• [Exercise aim] Beginning at the top of the data below, restate every line word for word until the line containing "col_num = 0;" has been included, and omit the pictures.

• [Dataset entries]
#####

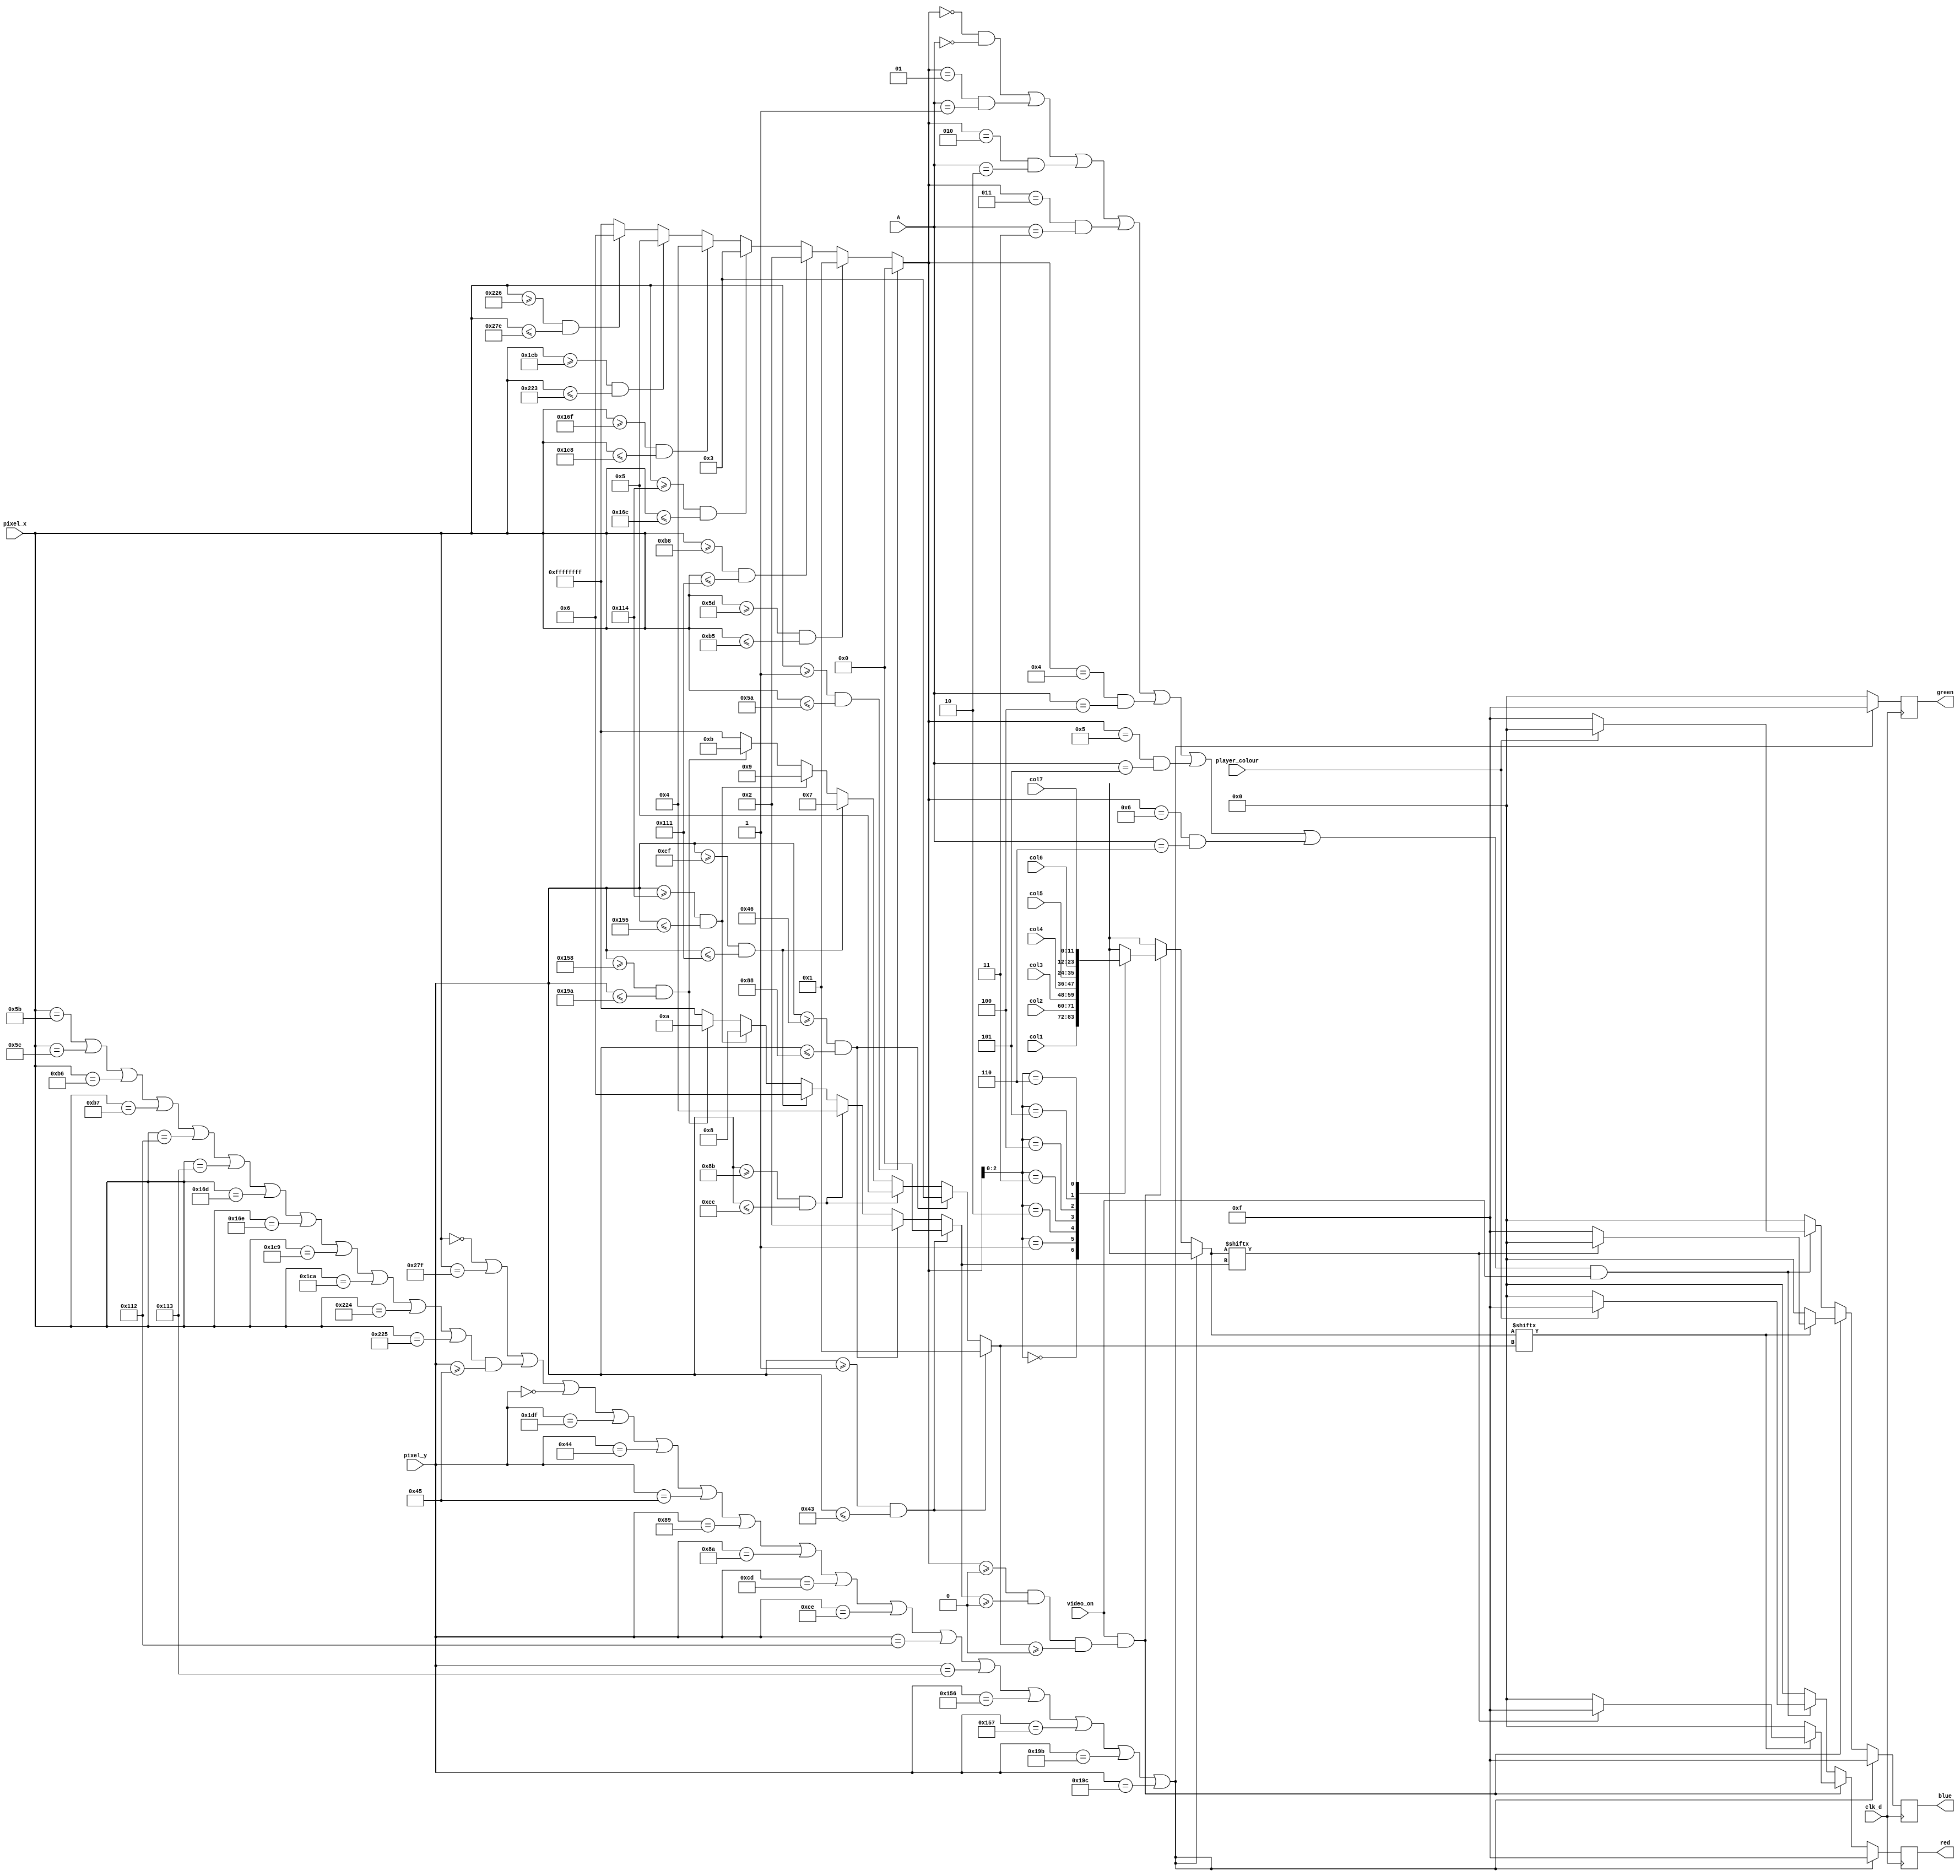
module pixel_gen(
  input clk_d,
  input [9:0] pixel_x,
  input [9:0] pixel_y,
  input video_on,
  input [11:0] col1,
  input [11:0] col2,
  input [11:0] col3,
  input [11:0] col4,
  input [11:0] col5,
  input [11:0] col6,
  input [11:0] col7,
  input [2:0] A,
  input player_colour,
  output reg [3:0] red=0,
  output reg [3:0] green=0,
  output reg [3:0] blue=0
);
    wire [11:0] col [6:0];
    assign col[6] = col7;
    assign col[5] = col6;
    assign col[4] = col5;
    assign col[3] = col4;
    assign col[2] = col3;
    assign col[1] = col2;
    assign col[0] = col1;
    integer col_num;
    integer row_num1;
    integer row_num2;
    reg occupied;
    reg colour;
  always @(posedge clk_d) begin
    if (pixel_x >=1 && pixel_x <=90)
        col_num = 0;
    else if (pixel_x >=93 && pixel_x <=181)
        col_num = 1;
    else if (pixel_x >=184 && pixel_x <=273)
        col_num = 2;
    else if (pixel_x >=276 && pixel_x <=364)
        col_num = 3;
    else if (pixel_x >=367 && pixel_x <=456)
        col_num = 4;
    else if (pixel_x >=459 && pixel_x <=547)
        col_num = 5;
    else if (pixel_x >=550 && pixel_x <=638)
        col_num = 6;
    else
        col_num = -1;
    if (pixel_y >=1 && pixel_y <= 67) begin
        row_num1 = 0;
        row_num2 = 1;
    end
    else if (pixel_y >=70 && pixel_y <= 136) begin
        row_num1 = 2;
        row_num2 = 3;
    end
    else if (pixel_y >=139 && pixel_y <= 204) begin
        row_num1 = 4;
        row_num2 = 5;
    end
    else if (pixel_y >=207 && pixel_y <= 273) begin
        row_num1 = 6;
        row_num2 = 7;
    end
    else if (pixel_y >=276 && pixel_y <= 341) begin
        row_num1 = 8;
        row_num2 = 9;
    end
    else if (pixel_y >=344 && pixel_y <= 410) begin
        row_num1 = 10;
        row_num2 = 11;
    end
    else begin
        row_num1 = -1;
        row_num2 = -1;
    end
    if (
    (pixel_x ==0) || (pixel_x ==639) ||
    (((pixel_x ==91) || (pixel_x ==92) ||
    (pixel_x ==182) || (pixel_x ==183) ||
    (pixel_x ==274) || (pixel_x ==275) ||
    (pixel_x ==365) || (pixel_x ==366) ||
    (pixel_x ==457) || (pixel_x ==458) ||
    (pixel_x ==548) || (pixel_x ==549)) && (pixel_y >=69)) ||
    (pixel_y ==0) || (pixel_y ==479) ||
    (pixel_y ==68) || (pixel_y ==69) ||
    (pixel_y ==137) || (pixel_y ==138) ||
    (pixel_y ==205) || (pixel_y ==206) ||
    (pixel_y ==274) || (pixel_y ==275) ||
    (pixel_y ==342) || (pixel_y ==343) ||
    (pixel_y ==411) || (pixel_y ==412)
    ) 
      begin
      	red <= 4'hF;
      	green <= 4'hF;
      	blue <= 4'hF;
      end
    else if (video_on && (col_num >= 0 && row_num1 >= 0 && row_num2 >= 0))
      begin
        occupied = col[col_num][row_num2];
        colour = col[col_num][row_num1];
        if (occupied == 1'b0) begin
            red <= (4'h0);
            green <= (4'h0);
            blue <= (4'h0);
        end
        else if (colour == 1'b0) begin
            red <= (4'h0);
            green <= (4'h0);
            blue <= (4'hF);
        end
        else begin
            red <= (4'hF);
            green <= (4'h0);
            blue <= (4'h0);
        end
      end
    else if ((col_num == 0 && A == 3'd0  || col_num == 1 && A == 3'd1 || col_num == 2 && A == 3'd2 || col_num == 3 && A == 3'd3 || col_num == 4 && A == 3'd4 || col_num == 5 && A == 3'd5 || col_num == 6 && A == 3'd6)&& video_on) begin
        if (player_colour) begin
            red <= (4'hF);
            green <= (4'h0);
            blue <= (4'h0);
        end
        else begin
            red <= (4'h0);
            green <= (4'h0);
            blue <= (4'hF);
        end
    end
    else
      begin
        red <= (4'h0);
        green <= (4'h0);
        blue <= (4'h0);
      end
  end
endmodule
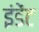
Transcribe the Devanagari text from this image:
इंडेंट
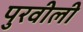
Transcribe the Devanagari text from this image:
पुरवीली
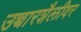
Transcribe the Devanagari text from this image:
उच्चारशैलीवर
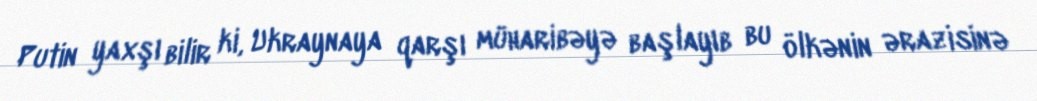
Putin yaxşı bilir ki, Ukraynaya qarşı müharibəyə başlayıb bu ölkənin ərazisinə
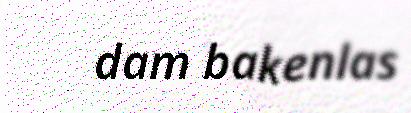
dam bakenlas
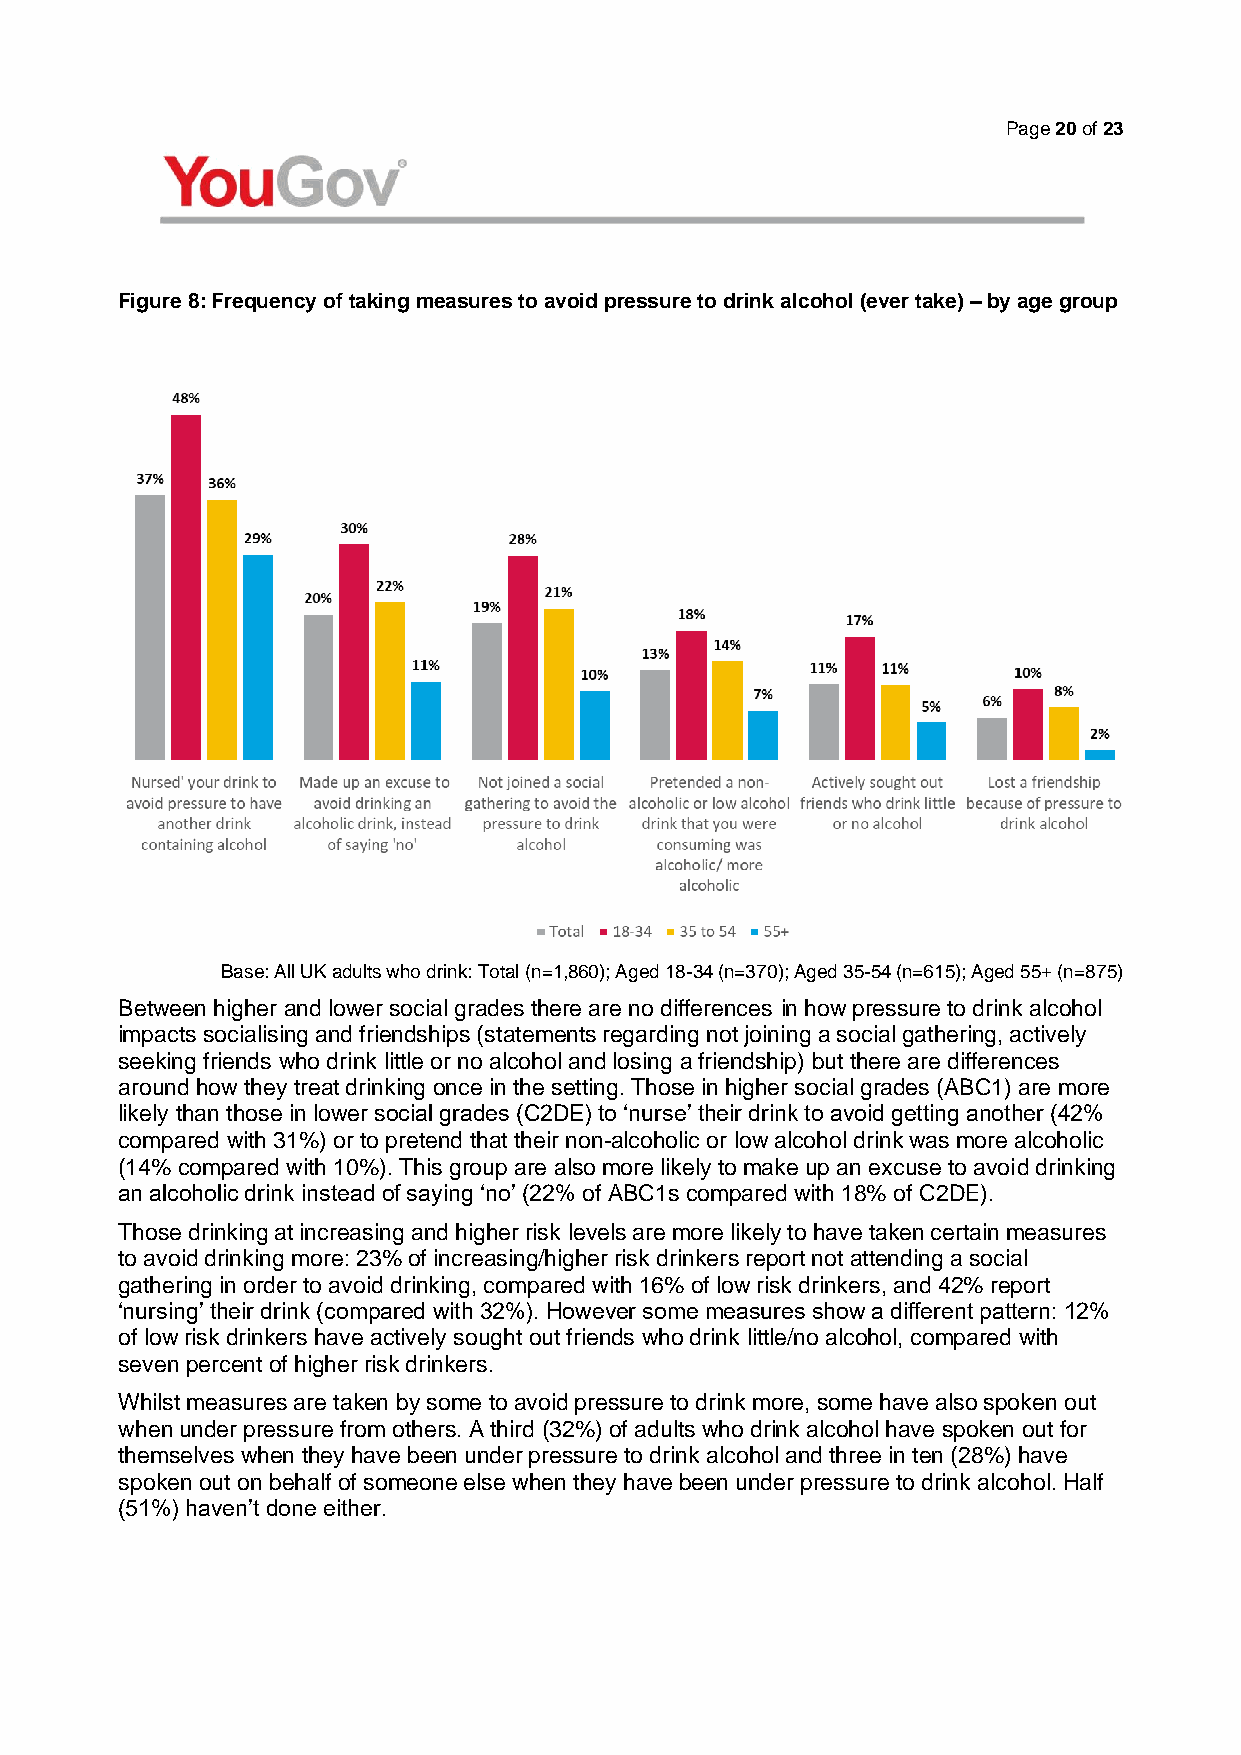
Page 20 of 23
 Figure 8: Frequency of taking measures to avoid pressure to drink alcohol (ever take) – by age group
 Base: All UK adults who drink: Total (n=1,860); Aged 18-34 (n=370); Aged 35-54 (n=615); Aged 55+ (n=875)
 Between higher and lower social grades there are no differences in how pressure to drink alcohol
 impacts socialising and friendships (statements regarding not joining a social gathering, actively
 seeking friends who drink little or no alcohol and losing a friendship) but there are differences
 around how they treat drinking once in the setting. Those in higher social grades (ABC1) are more
 likely than those in lower social grades (C2DE) to ‘nurse’ their drink to avoid getting another (42%
 compared with 31%) or to pretend that their non-alcoholic or low alcohol drink was more alcoholic
 (14% compared with 10%). This group are also more likely to make up an excuse to avoid drinking
 an alcoholic drink instead of saying ‘no’ (22% of ABC1s compared with 18% of C2DE).
 Those drinking at increasing and higher risk levels are more likely to have taken certain measures
 to avoid drinking more: 23% of increasing/higher risk drinkers report not attending a social
 gathering in order to avoid drinking, compared with 16% of low risk drinkers, and 42% report
 ‘nursing’ their drink (compared with 32%). However some measures show a different pattern: 12%
 of low risk drinkers have actively sought out friends who drink little/no alcohol, compared with
 seven percent of higher risk drinkers.
 Whilst measures are taken by some to avoid pressure to drink more, some have also spoken out
 when under pressure from others. A third (32%) of adults who drink alcohol have spoken out for
 themselves when they have been under pressure to drink alcohol and three in ten (28%) have
 spoken out on behalf of someone else when they have been under pressure to drink alcohol. Half
 (51%) haven’t done either.

#####

• [Exercise answer]
module pixel_gen(
  input clk_d,
  input [9:0] pixel_x,
  input [9:0] pixel_y,
  input video_on,
  input [11:0] col1,
  input [11:0] col2,
  input [11:0] col3,
  input [11:0] col4,
  input [11:0] col5,
  input [11:0] col6,
  input [11:0] col7,
  input [2:0] A,
  input player_colour,
  output reg [3:0] red=0,
  output reg [3:0] green=0,
  output reg [3:0] blue=0
);
    wire [11:0] col [6:0];
    assign col[6] = col7;
    assign col[5] = col6;
    assign col[4] = col5;
    assign col[3] = col4;
    assign col[2] = col3;
    assign col[1] = col2;
    assign col[0] = col1;
    integer col_num;
    integer row_num1;
    integer row_num2;
    reg occupied;
    reg colour;
  always @(posedge clk_d) begin
    if (pixel_x >=1 && pixel_x <=90)
        col_num = 0;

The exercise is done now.